● **Task prompt**: A word-for-word copy of the records below is needed, without the images.

● **Extracted entries**:
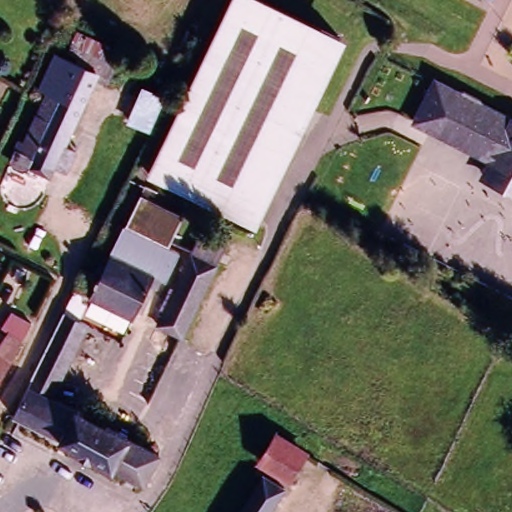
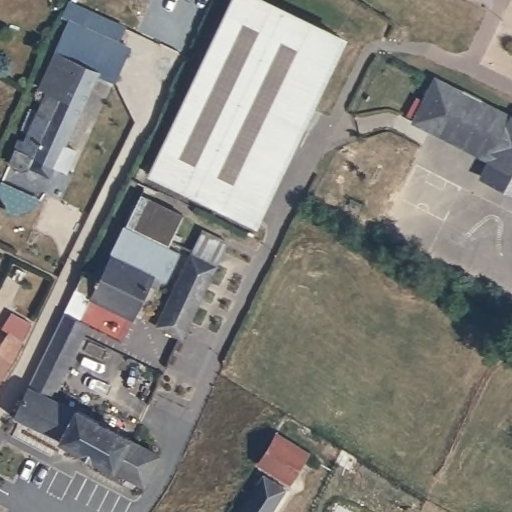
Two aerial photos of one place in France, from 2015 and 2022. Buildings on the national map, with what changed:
unchanged [(218,20),(228,0),(267,0),(334,33),(311,81),(244,218),(146,170),(213,31),(218,20)]
unchanged [(498,0),(505,0),(504,3),(498,0)]
unchanged [(123,50),(112,73),(62,48),(73,26),(123,50)]
unchanged [(96,77),(70,126),(83,132),(70,155),(60,150),(55,159),(33,148),(39,140),(24,131),(36,109),(31,106),(57,56),(96,77)]
unchanged [(408,119),(425,85),(429,77),(434,79),(456,89),(457,87),(475,96),(474,98),(507,114),(511,104),(512,104),(512,144),(502,165),(493,161),(408,119)]
unchanged [(484,178),(493,161),(502,165),(512,144),(512,191),(484,178)]
unchanged [(185,215),(168,247),(124,225),(140,193),(185,215)]
unchanged [(226,242),(183,340),(157,327),(201,230),(226,242)]
unchanged [(108,271),(113,258),(153,279),(133,323),(92,300),(81,323),(66,315),(93,262),(108,271)]
unchanged [(89,329),(51,398),(30,387),(50,349),(66,315),(81,323),(89,329)]
unchanged [(23,341),(0,376),(0,346),(10,332),(23,341)]
unchanged [(30,387),(51,398),(161,461),(147,489),(17,415),(30,387)]
unchanged [(304,465),(293,486),(259,468),(271,447),(304,465)]
unchanged [(266,512),(241,512),(261,471),(281,481),(266,512)]

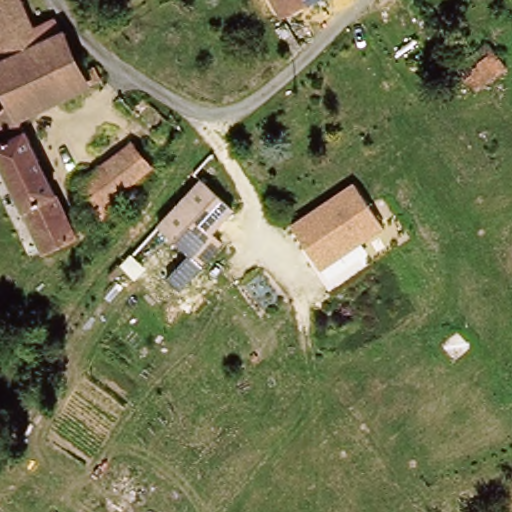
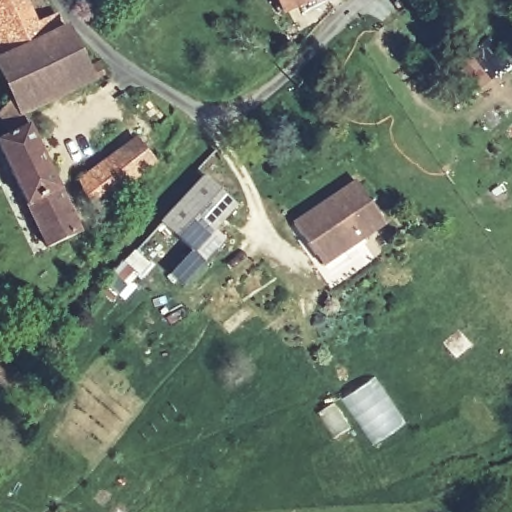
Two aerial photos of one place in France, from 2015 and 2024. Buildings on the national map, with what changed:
unchanged [(98,66),(106,63),(112,73),(65,98),(30,116),(45,148),(70,196),(92,237),(66,250),(7,141),(18,136),(5,117),(25,104),(2,62),(0,58),(0,0),(24,0),(33,25),(35,27),(55,16),(62,28),(65,27),(92,69),(98,66)]
unchanged [(283,13),(276,0),(307,0),(283,13)]
unchanged [(459,64),(491,43),(512,68),(478,92),(459,64)]
unchanged [(110,193),(117,203),(105,212),(85,184),(83,175),(92,168),(139,131),(147,142),(156,154),(110,193)]
unchanged [(225,232),(205,255),(182,288),(171,278),(189,250),(162,224),(203,172),(235,200),(215,223),(225,232)]
unchanged [(295,222),(357,182),(387,227),(325,268),(295,222)]
new [(382,392),(400,422),(395,423),(390,434),(380,441),(350,398),(363,390),(361,386),(371,382),(373,387),(382,392)]

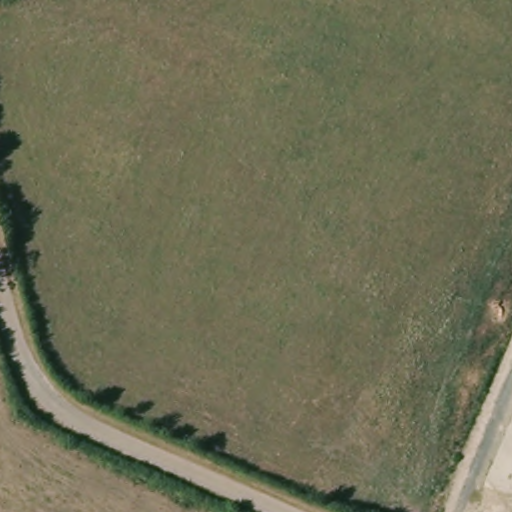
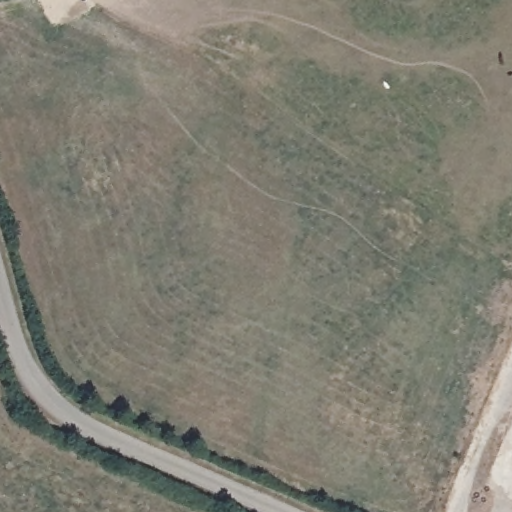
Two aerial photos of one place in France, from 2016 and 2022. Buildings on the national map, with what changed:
[]

● **Solution**:
Two aerial photos of one place in France, from 2015 and 2022. Buildings on the national map, with what changed:
unchanged [(218,20),(228,0),(267,0),(334,33),(311,81),(244,218),(146,170),(213,31),(218,20)]
unchanged [(498,0),(505,0),(504,3),(498,0)]
unchanged [(123,50),(112,73),(62,48),(73,26),(123,50)]
unchanged [(96,77),(70,126),(83,132),(70,155),(60,150),(55,159),(33,148),(39,140),(24,131),(36,109),(31,106),(57,56),(96,77)]
unchanged [(408,119),(425,85),(429,77),(434,79),(456,89),(457,87),(475,96),(474,98),(507,114),(511,104),(512,104),(512,144),(502,165),(493,161),(408,119)]
unchanged [(484,178),(493,161),(502,165),(512,144),(512,191),(484,178)]
unchanged [(185,215),(168,247),(124,225),(140,193),(185,215)]
unchanged [(226,242),(183,340),(157,327),(201,230),(226,242)]
unchanged [(108,271),(113,258),(153,279),(133,323),(92,300),(81,323),(66,315),(93,262),(108,271)]
unchanged [(89,329),(51,398),(30,387),(50,349),(66,315),(81,323),(89,329)]
unchanged [(23,341),(0,376),(0,346),(10,332),(23,341)]
unchanged [(30,387),(51,398),(161,461),(147,489),(17,415),(30,387)]
unchanged [(304,465),(293,486),(259,468),(271,447),(304,465)]
unchanged [(266,512),(241,512),(261,471),(281,481),(266,512)]

Two aerial photos of one place in France, from 2015 and 2024. Buildings on the national map, with what changed:
unchanged [(98,66),(106,63),(112,73),(65,98),(30,116),(45,148),(70,196),(92,237),(66,250),(7,141),(18,136),(5,117),(25,104),(2,62),(0,58),(0,0),(24,0),(33,25),(35,27),(55,16),(62,28),(65,27),(92,69),(98,66)]
unchanged [(283,13),(276,0),(307,0),(283,13)]
unchanged [(459,64),(491,43),(512,68),(478,92),(459,64)]
unchanged [(110,193),(117,203),(105,212),(85,184),(83,175),(92,168),(139,131),(147,142),(156,154),(110,193)]
unchanged [(225,232),(205,255),(182,288),(171,278),(189,250),(162,224),(203,172),(235,200),(215,223),(225,232)]
unchanged [(295,222),(357,182),(387,227),(325,268),(295,222)]
new [(382,392),(400,422),(395,423),(390,434),(380,441),(350,398),(363,390),(361,386),(371,382),(373,387),(382,392)]

Two aerial photos of one place in France, from 2016 and 2022. Buildings on the national map, with what changed:
[]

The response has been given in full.